* _Work instruction_
Retype each record below word for word, pictures excluded.

* _Data provided_

[Start of section]

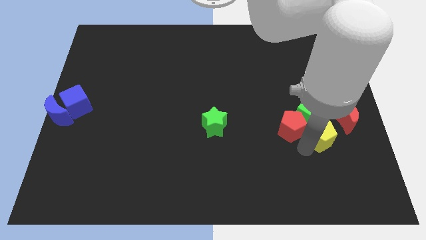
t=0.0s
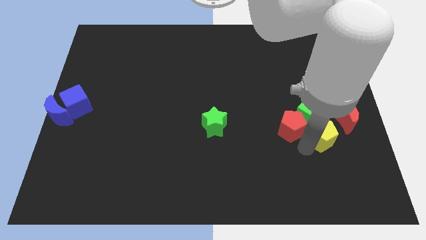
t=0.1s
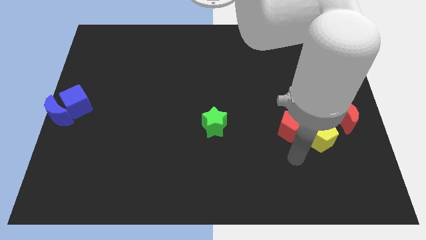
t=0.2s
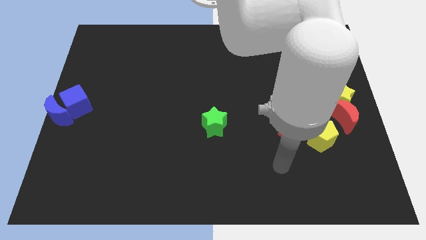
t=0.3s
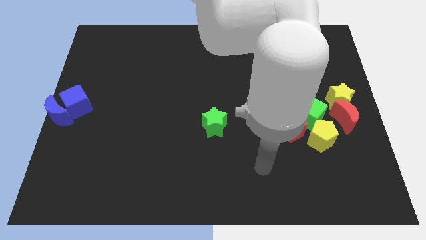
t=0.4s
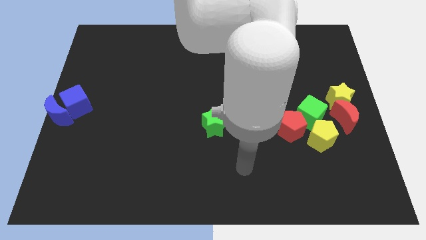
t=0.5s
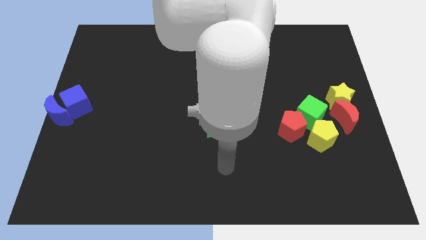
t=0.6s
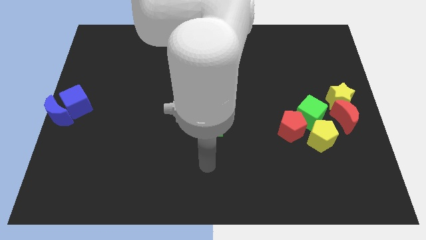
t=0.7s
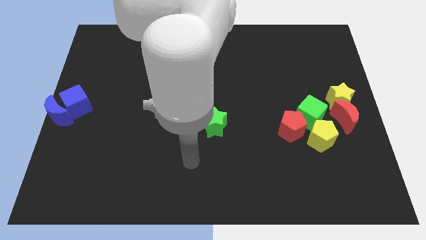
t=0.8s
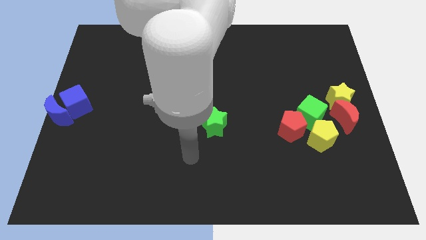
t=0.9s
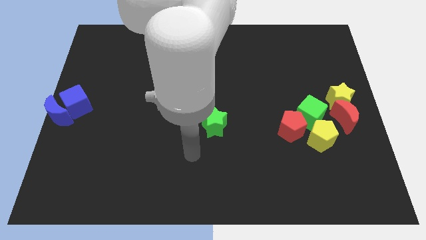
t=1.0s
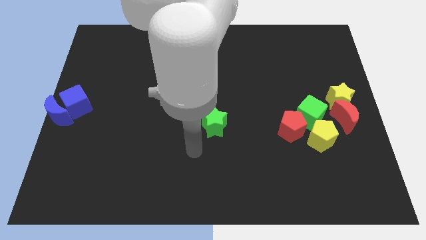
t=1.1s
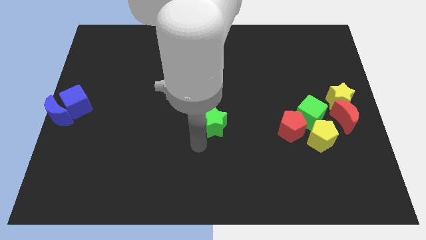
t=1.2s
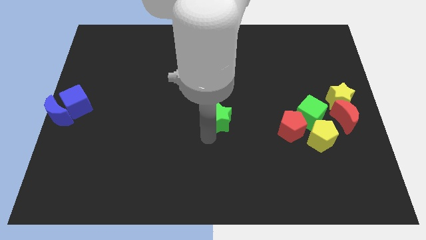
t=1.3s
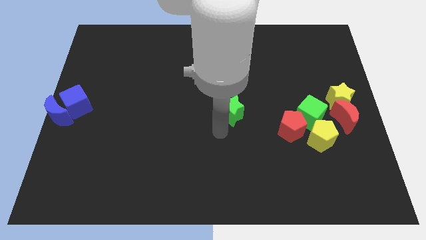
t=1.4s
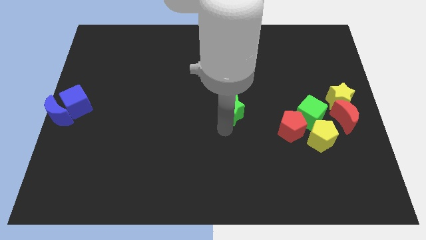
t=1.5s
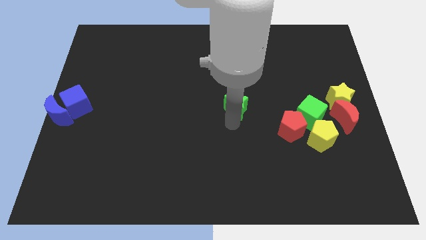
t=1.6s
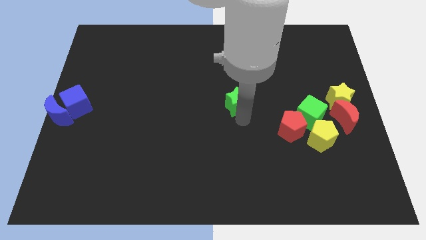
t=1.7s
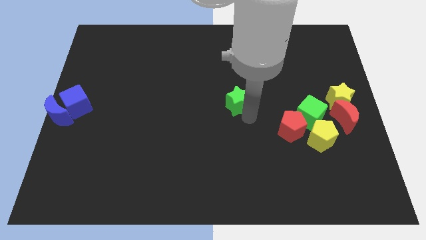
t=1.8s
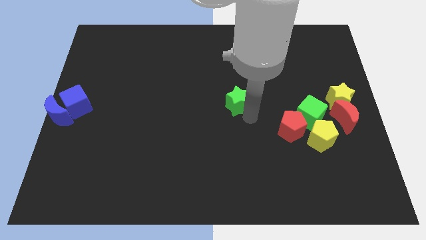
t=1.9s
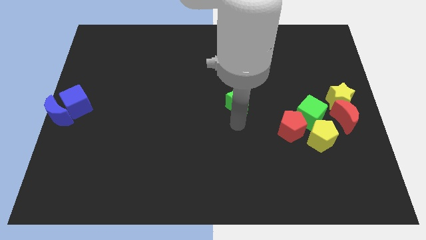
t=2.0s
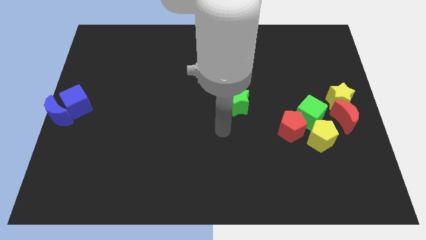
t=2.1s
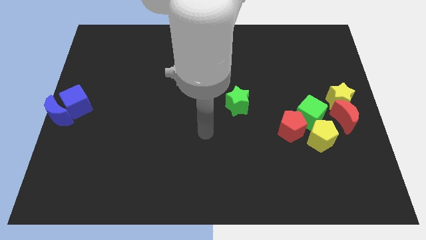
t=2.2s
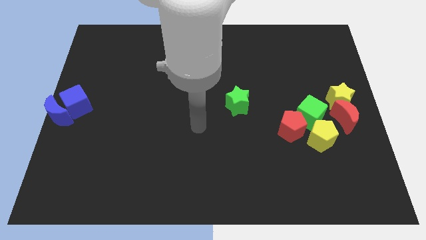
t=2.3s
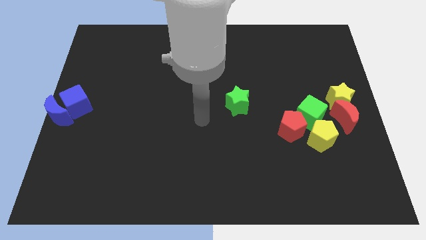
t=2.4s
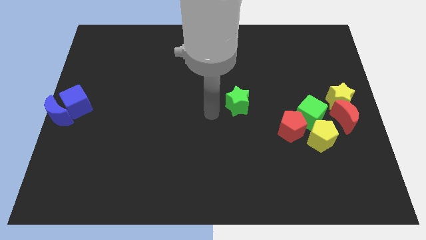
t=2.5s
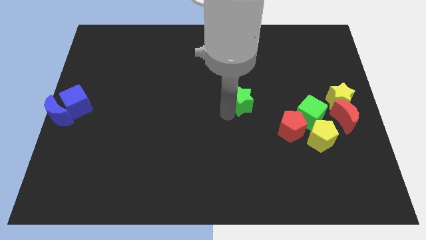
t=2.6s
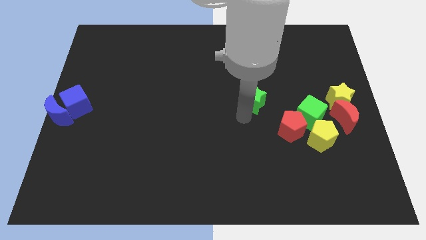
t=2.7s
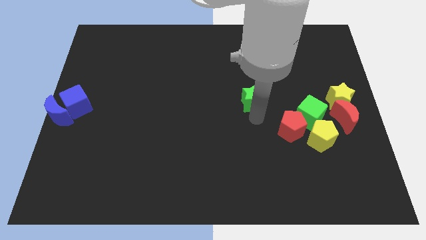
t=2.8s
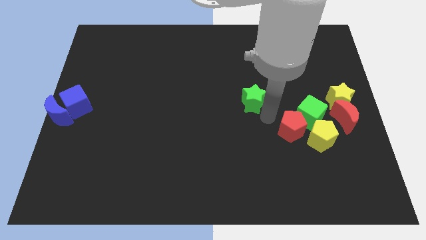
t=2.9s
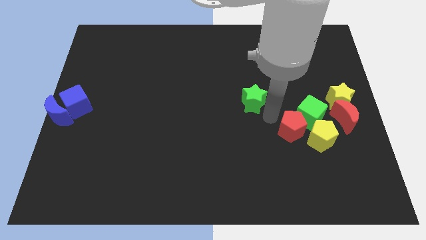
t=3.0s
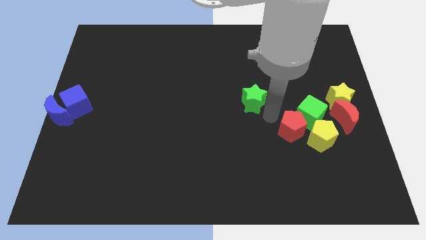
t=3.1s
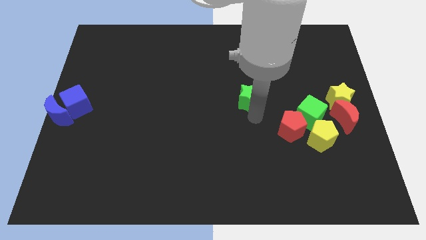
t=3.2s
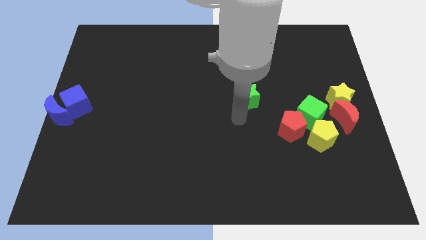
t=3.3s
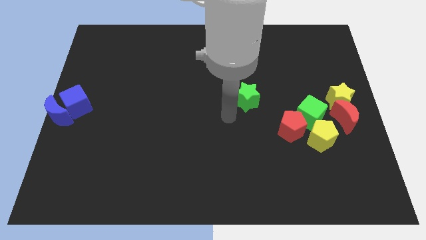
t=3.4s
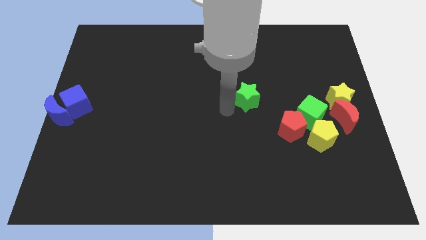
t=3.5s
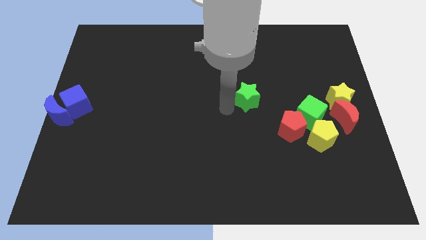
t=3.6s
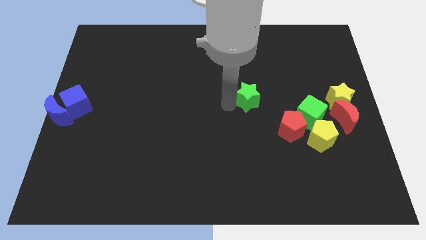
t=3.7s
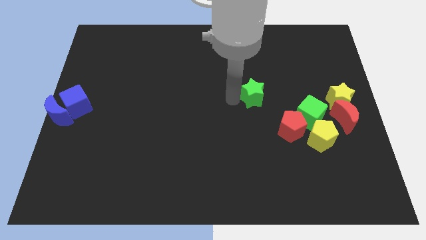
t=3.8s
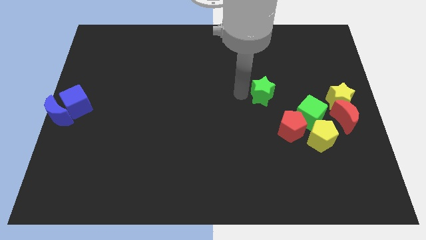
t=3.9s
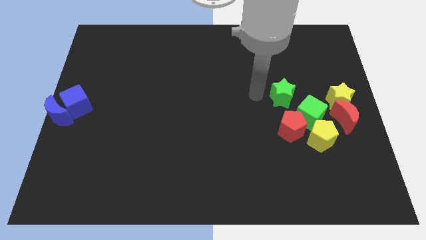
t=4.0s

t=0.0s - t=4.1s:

[End of section]

* _Exercise response_
t=0.0s
t=0.1s
t=0.2s
t=0.3s
t=0.4s
t=0.5s
t=0.6s
t=0.7s
t=0.8s
t=0.9s
t=1.0s
t=1.1s
t=1.2s
t=1.3s
t=1.4s
t=1.5s
t=1.6s
t=1.7s
t=1.8s
t=1.9s
t=2.0s
t=2.1s
t=2.2s
t=2.3s
t=2.4s
t=2.5s
t=2.6s
t=2.7s
t=2.8s
t=2.9s
t=3.0s
t=3.1s
t=3.2s
t=3.3s
t=3.4s
t=3.5s
t=3.6s
t=3.7s
t=3.8s
t=3.9s
t=4.0s

t=0.0s - t=4.1s:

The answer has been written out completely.